Apps like MLB.TV proves that the successes of sports leagues are now defined by more than its superstars and playoff thrills. It’s harder than ever to snag the attention of sports fans—24/7 television networks, sports talk radio stations, a plethora of content websites, sports-centric podcasts, and access to games, both locally and across the nation, muddy the playing field.
Leagues, teams, and media businesses build products like MLB.TV to set themselves apart from the competition. Fielding a professional team requires the work of hundreds of people—coaches, scouts, front office personnel, players, grounds crew, human resources folks, and more. Developing a major content website, a streaming service, a fan experience hub, or any other new product needs far fewer collaborators. The men and women needed to create on-screen magic are paid well and are in high demand across the country.
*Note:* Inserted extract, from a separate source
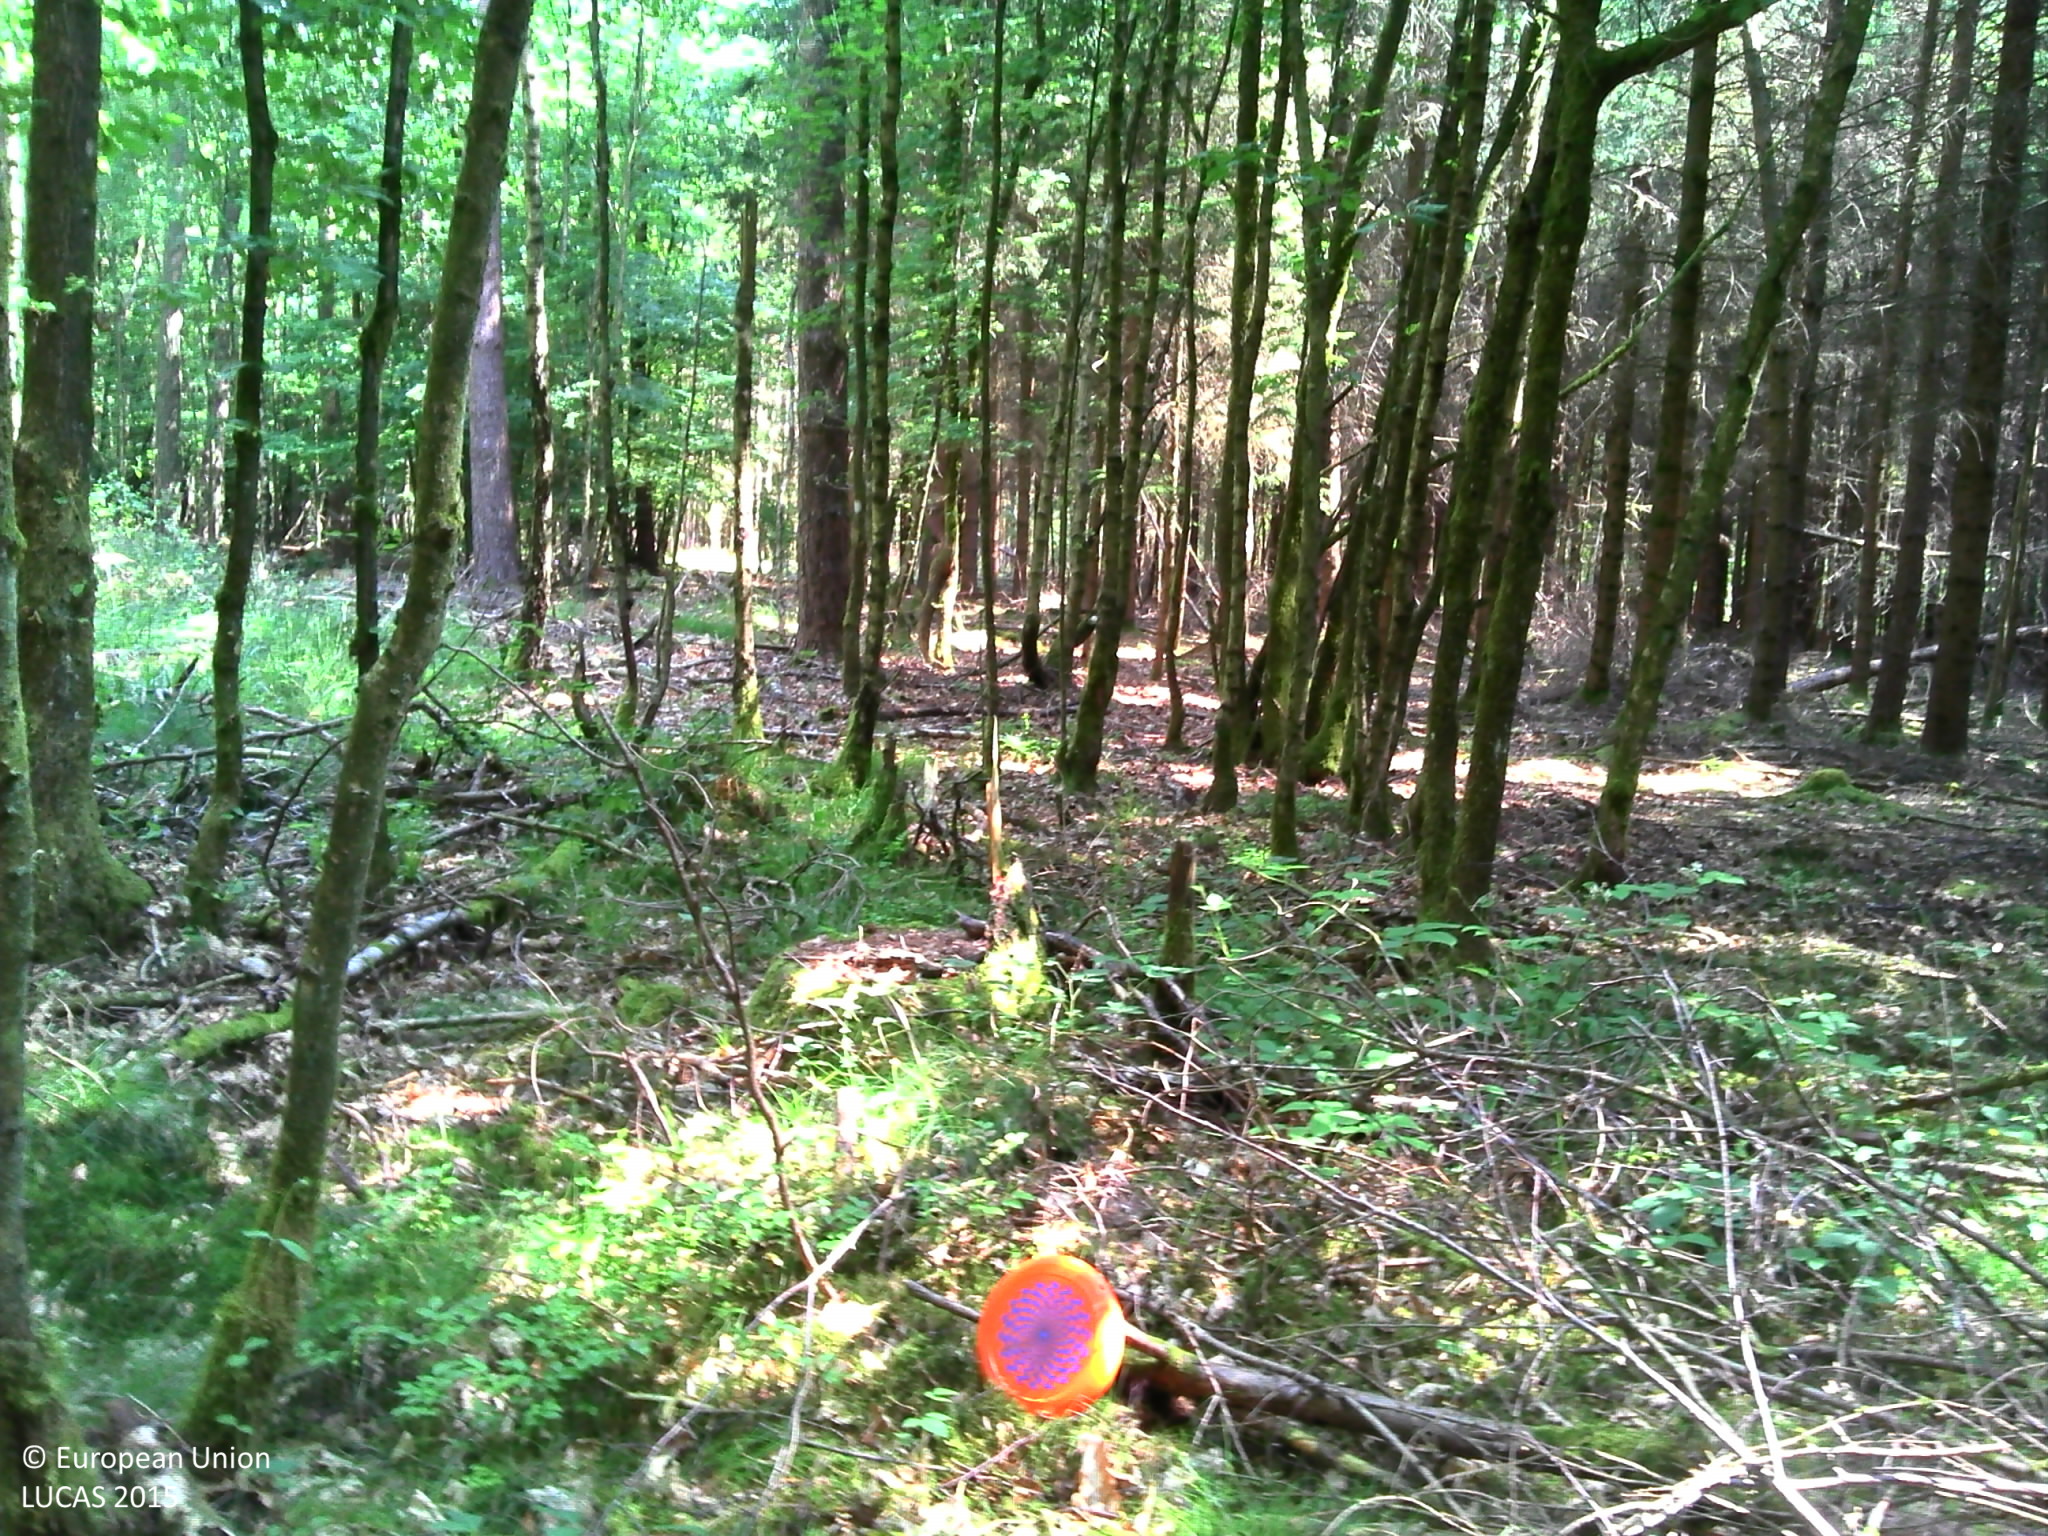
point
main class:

Here’s a look at some key product development roles.
Product Manager
Product management has been described as “the intersection between business, technology, and user experience,” with the role of Product Manager sitting at the crossroads. Just to be clear, Product Managers aren’t developers. They play the overseer, defining a product roadmap—the path from start to finish—that meets business goals as well as customer expectations. Product Managers lead design sessions while supporting the engineering team throughout sprint cycles (a.k.a. defined work cycles) by removing roadblocks to completion. Manage relationships with stakeholders and stay attuned to the competition, so team members make the best decisions possible. Passion, attention to detail, and the ability to inspire are all vital because you’re the product visionary, making a case to keep your project a priority, fighting for resources (people and money), and staying close enough to ensure quality and timely delivery.
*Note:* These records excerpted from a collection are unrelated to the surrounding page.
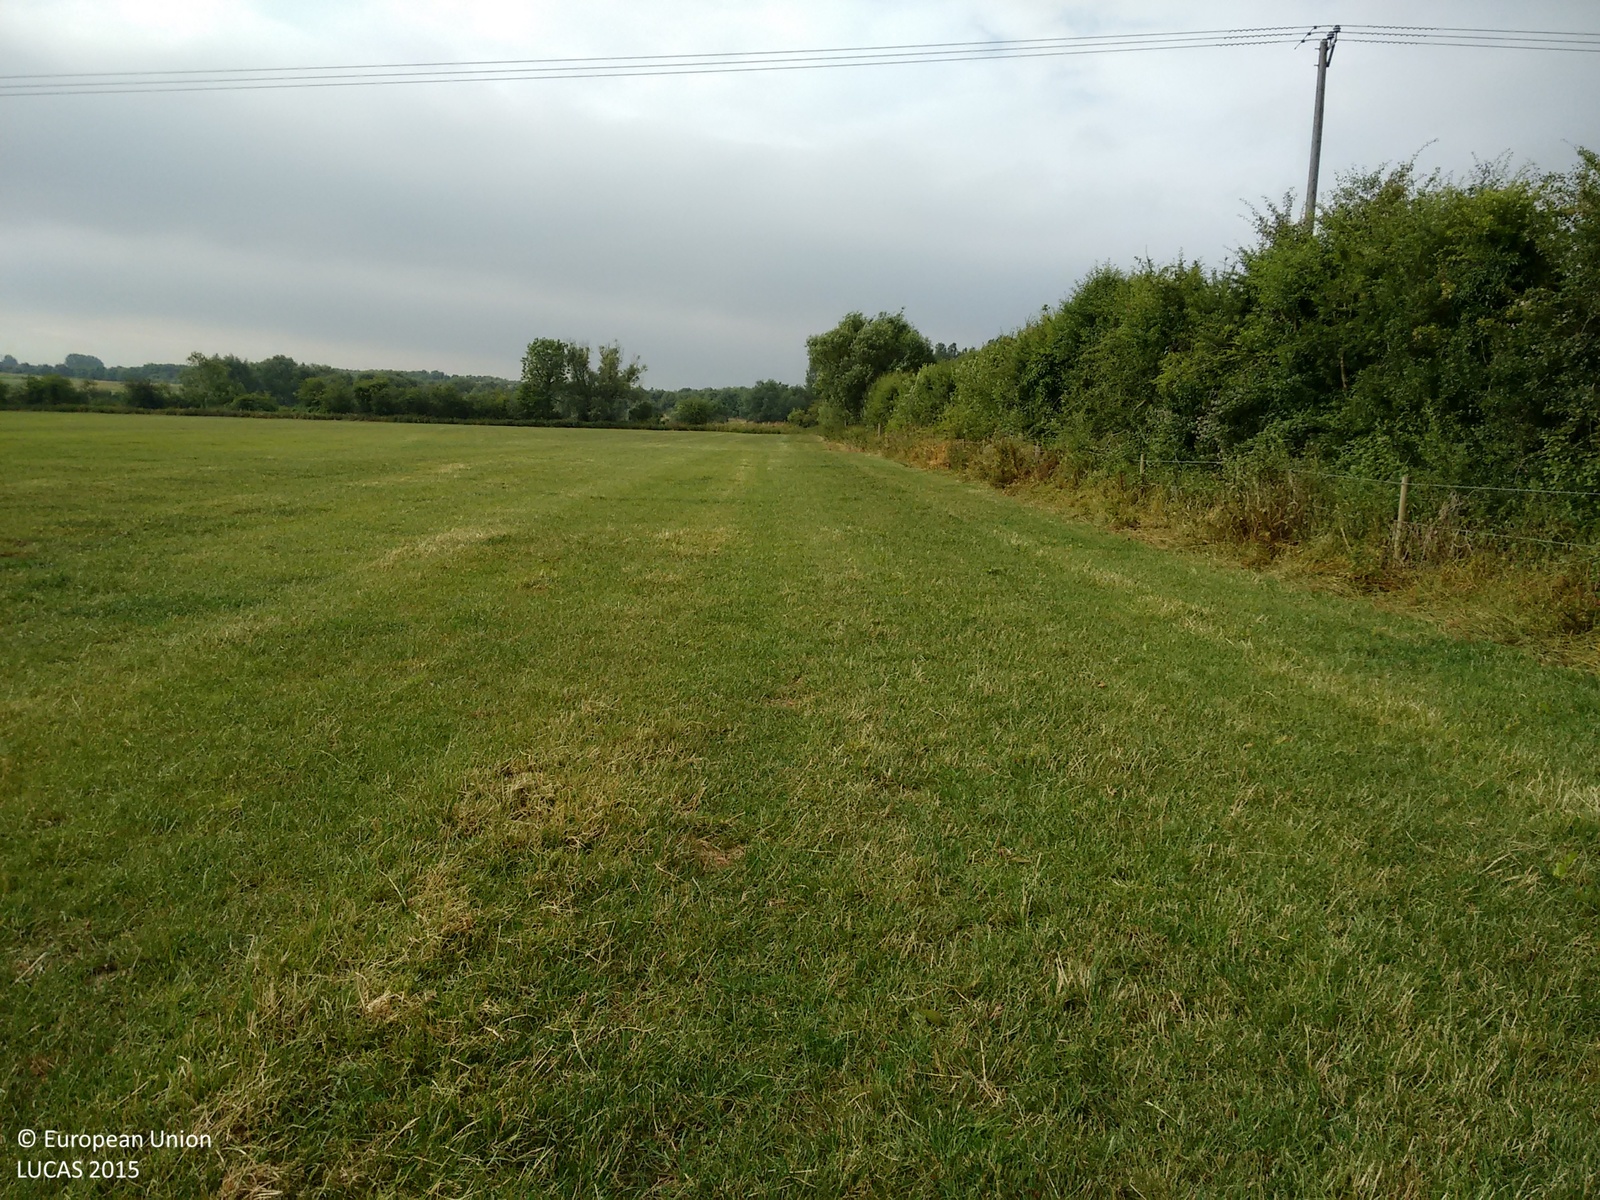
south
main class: Grassland
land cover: Grassland without tree/shrub cover
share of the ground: > 75 %
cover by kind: herbaceous plants 100 %
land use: Agriculture (excluding fallow land and kitchen gardens)
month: July
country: GB
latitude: 51.7465
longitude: -1.0970

Mobile Engineer (iOS/Android)
Software and services development no longer begins and ends with the desktop experience. Sure, the software is still built for Windows and Mac operating systems, but the phrase “mobile first” rings truer than ever before. Years ago, companies outsourced Android and iOS software development to keep in-house costs low for a secondary priority, but mobile is no longer a second-class citizen. The role of the Mobile Engineer has matured in the world of technology. It’s someone that can guide mobile architectural decisions and technical strategy for a company. Define development and design best practices and implement the techniques, frameworks, and utilities needed to create efficient, beautiful mobile applications. Leverage deep technical know-how to explore native app development, responsive web design, scalable platforms, API interaction for data access, and future-forward constructs. Mobile engineering is more complex than ever before because of the nearly endless possibilities demanding dedicated experts to lead the charge.
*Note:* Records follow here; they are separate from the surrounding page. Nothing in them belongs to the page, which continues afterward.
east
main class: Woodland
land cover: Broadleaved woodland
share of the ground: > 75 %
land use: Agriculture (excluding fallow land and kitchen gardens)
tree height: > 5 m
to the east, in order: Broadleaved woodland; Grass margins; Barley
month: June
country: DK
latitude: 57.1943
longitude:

Front-End Software Engineer
Launch the Yahoo! Fantasy Sports, ESPN, DraftKings, or MLB At Bat app, and you’re looking at a front end. Front End Software Engineers do the heavy code development on the presentation layer of a product, whether it’s a mobile app, website, streaming service, or desktop application. Developers utilize HTML and CSS to create interfaces to match product specs and system requirements. They spend their days upgrading existing code, creating new code, and resolving bugs reported by internal testers and end users. Create a user-friendly interface that allows people to easily manipulate data and run transactions that are otherwise unusable. Collaborate with UX and UI Designers, Product Managers, and Back End Engineers to make useful products and services.
UX Designer & UI Designer
A User Experience Designer (UXD) focuses on the feel of a product. Unlike a UI Designer that dabbles in most of the details, a UX Designer purposefully avoids the particulars of every button, textbox, and label. Someone in this role ensures the product flows from step to step, task to task, and across the workflow seamlessly. Consider each possible user problem, research potential solutions and make a decision that a UI Designer can help implement across the product. Gather users for in-person testing to determine where people struggle and see when design efforts thrive. Couple that real-world feedback with common user experience design principles to create products that feel good and flow well.
A User Interface Designer (UID) concentrates on the layout of a product. In this role, it’s all about the specifics. Screen and page design matter—the order of content, font and style choices, swipes versus taps, input box sizes, and tap target areas. UI Designers know if sliders, control knobs, radio buttons, or checkboxes make the most sense and determine where, on a screen or page, each of them belongs. A UI Designer must stay true to the maxim set forth by a UX Designer, so the overall look and feel are preserved while challenging design decisions to create the best user experience possible.